SOURCE INFORMATION

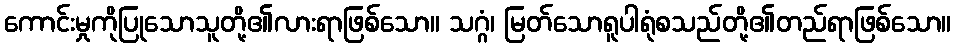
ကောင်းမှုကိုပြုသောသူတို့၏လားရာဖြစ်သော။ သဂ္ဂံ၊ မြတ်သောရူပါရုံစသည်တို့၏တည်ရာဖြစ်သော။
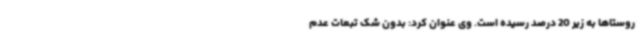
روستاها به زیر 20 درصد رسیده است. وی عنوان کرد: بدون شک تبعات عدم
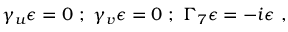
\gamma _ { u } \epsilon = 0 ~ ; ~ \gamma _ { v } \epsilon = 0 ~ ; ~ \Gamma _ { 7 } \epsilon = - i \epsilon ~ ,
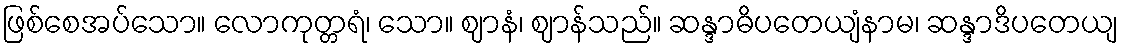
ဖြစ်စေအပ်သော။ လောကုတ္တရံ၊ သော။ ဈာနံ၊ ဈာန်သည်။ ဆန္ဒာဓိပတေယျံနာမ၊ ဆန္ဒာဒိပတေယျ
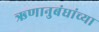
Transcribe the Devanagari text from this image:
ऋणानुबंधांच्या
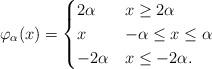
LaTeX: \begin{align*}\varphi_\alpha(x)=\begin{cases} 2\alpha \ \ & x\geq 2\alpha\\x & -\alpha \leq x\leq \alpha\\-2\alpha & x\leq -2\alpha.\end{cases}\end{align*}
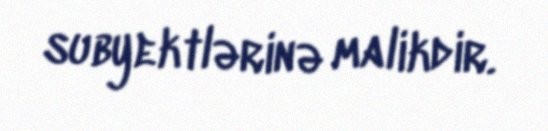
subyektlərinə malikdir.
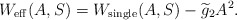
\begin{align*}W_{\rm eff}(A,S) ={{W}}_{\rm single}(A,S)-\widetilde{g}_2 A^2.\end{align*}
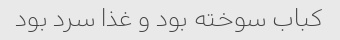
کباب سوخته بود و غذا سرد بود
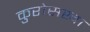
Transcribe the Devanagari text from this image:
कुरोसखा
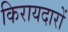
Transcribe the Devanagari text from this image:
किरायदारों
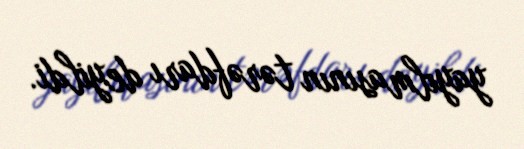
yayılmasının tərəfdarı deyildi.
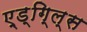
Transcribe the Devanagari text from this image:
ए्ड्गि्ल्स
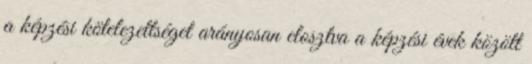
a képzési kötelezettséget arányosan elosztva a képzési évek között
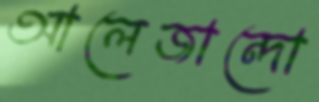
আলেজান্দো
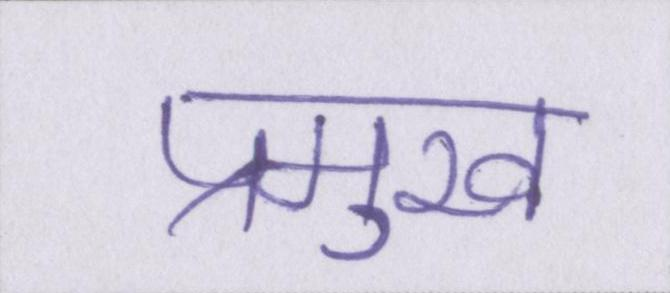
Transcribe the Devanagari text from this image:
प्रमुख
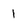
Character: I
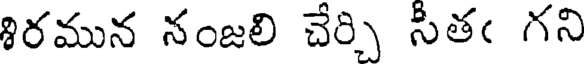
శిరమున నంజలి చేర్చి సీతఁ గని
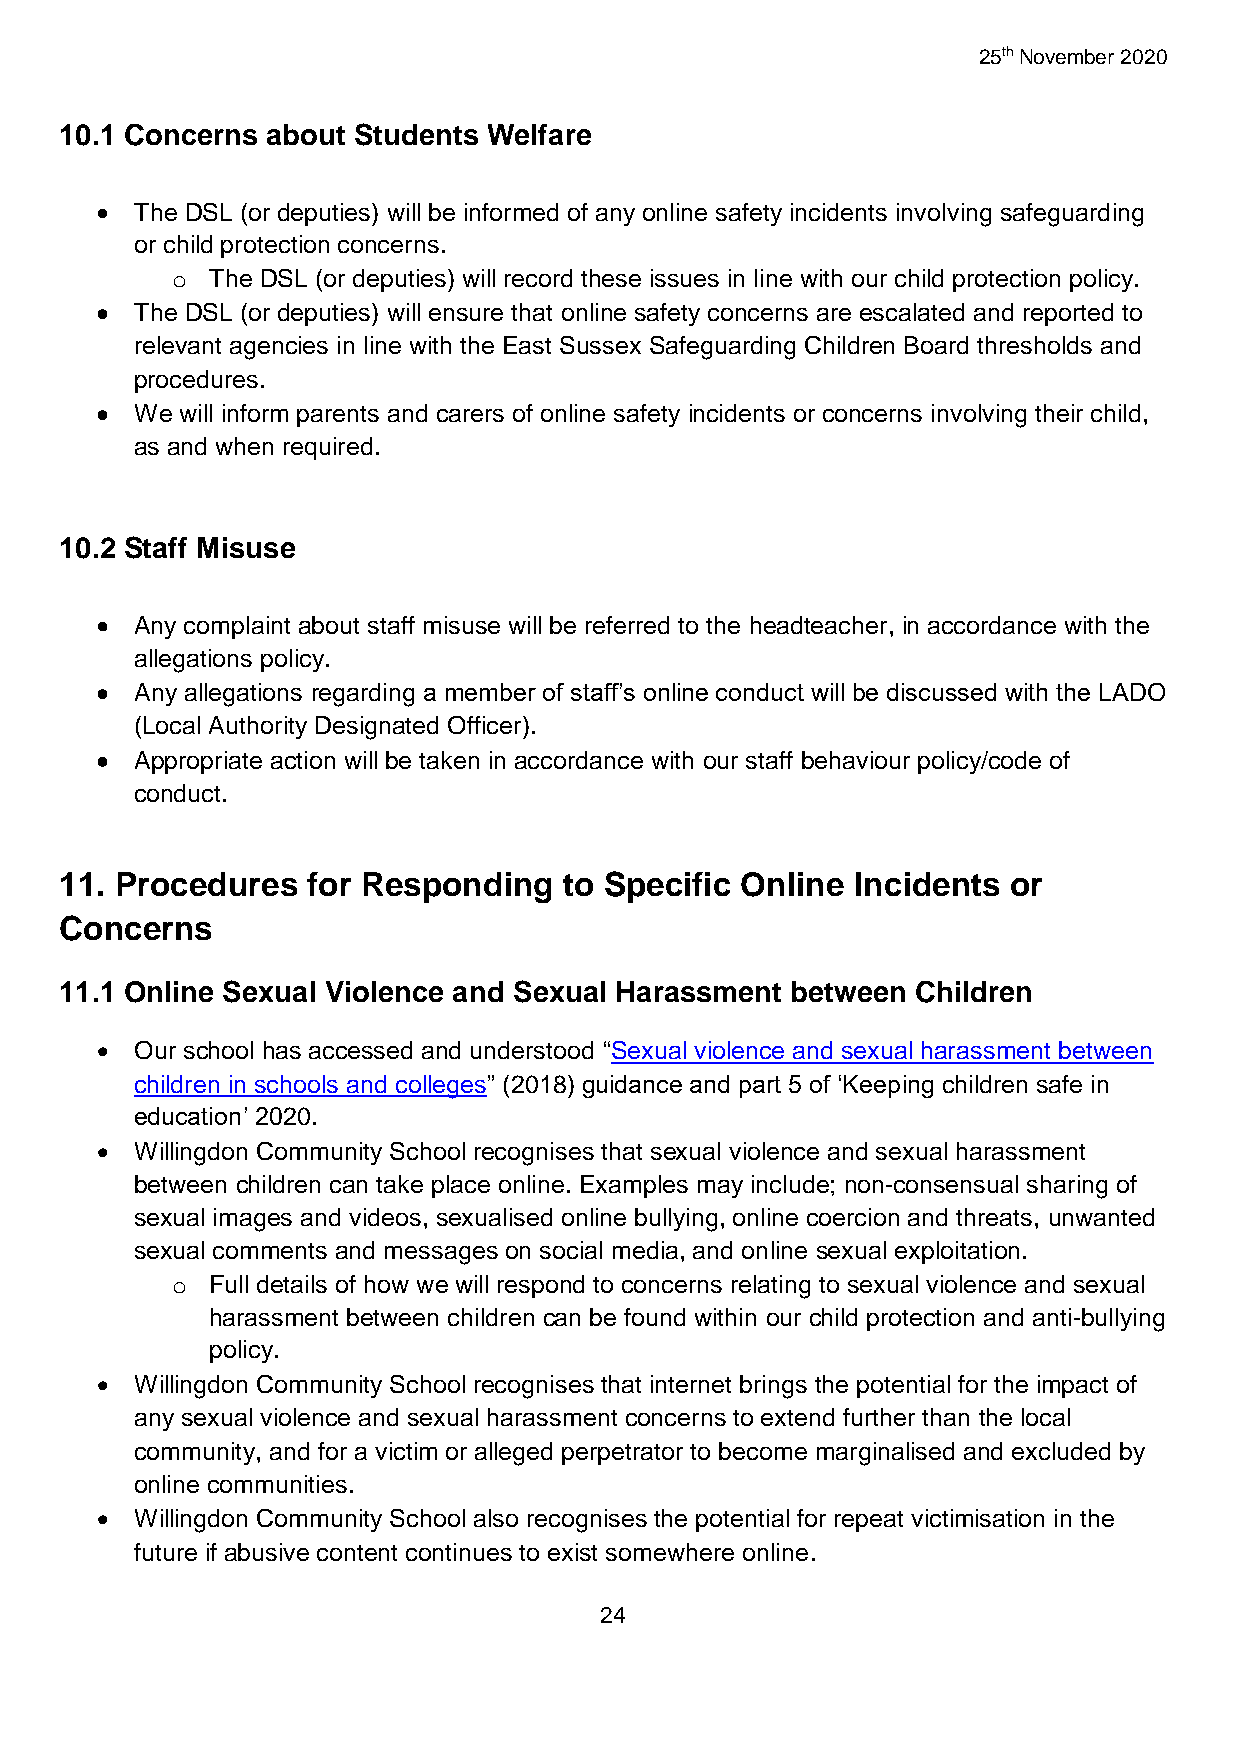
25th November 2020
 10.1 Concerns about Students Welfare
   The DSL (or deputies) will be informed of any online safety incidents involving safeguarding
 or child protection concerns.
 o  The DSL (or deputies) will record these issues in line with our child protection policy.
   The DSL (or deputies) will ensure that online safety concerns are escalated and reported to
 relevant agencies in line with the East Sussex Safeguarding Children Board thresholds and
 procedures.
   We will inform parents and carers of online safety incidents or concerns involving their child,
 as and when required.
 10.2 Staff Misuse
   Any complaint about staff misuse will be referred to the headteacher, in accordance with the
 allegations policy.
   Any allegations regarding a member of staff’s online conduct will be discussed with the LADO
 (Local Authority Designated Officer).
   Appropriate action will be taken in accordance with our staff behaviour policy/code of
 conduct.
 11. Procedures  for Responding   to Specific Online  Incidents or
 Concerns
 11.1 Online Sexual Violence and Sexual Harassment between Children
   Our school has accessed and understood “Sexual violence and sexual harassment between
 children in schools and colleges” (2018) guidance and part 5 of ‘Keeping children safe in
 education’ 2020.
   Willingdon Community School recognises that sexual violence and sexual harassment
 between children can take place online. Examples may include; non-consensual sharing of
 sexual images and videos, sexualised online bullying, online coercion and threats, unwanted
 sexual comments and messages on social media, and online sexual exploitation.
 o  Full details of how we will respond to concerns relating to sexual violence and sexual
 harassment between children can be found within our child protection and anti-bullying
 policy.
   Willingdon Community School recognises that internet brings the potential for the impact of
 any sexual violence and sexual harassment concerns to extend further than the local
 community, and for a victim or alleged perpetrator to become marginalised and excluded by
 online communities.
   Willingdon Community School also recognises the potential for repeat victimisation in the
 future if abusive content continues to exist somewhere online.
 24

PROBLEM TO SOLVE
Take the lines above from the one containing "or child protection concerns." down to the one containing "11.1 Online Sexual", and transcribe them exactly, both ends included.

RESULT FOR THIS EXERCISE
 or child protection concerns.
 o  The DSL (or deputies) will record these issues in line with our child protection policy.
   The DSL (or deputies) will ensure that online safety concerns are escalated and reported to
 relevant agencies in line with the East Sussex Safeguarding Children Board thresholds and
 procedures.
   We will inform parents and carers of online safety incidents or concerns involving their child,
 as and when required.
 10.2 Staff Misuse
   Any complaint about staff misuse will be referred to the headteacher, in accordance with the
 allegations policy.
   Any allegations regarding a member of staff’s online conduct will be discussed with the LADO
 (Local Authority Designated Officer).
   Appropriate action will be taken in accordance with our staff behaviour policy/code of
 conduct.
 11. Procedures  for Responding   to Specific Online  Incidents or
 Concerns
 11.1 Online Sexual Violence and Sexual Harassment between Children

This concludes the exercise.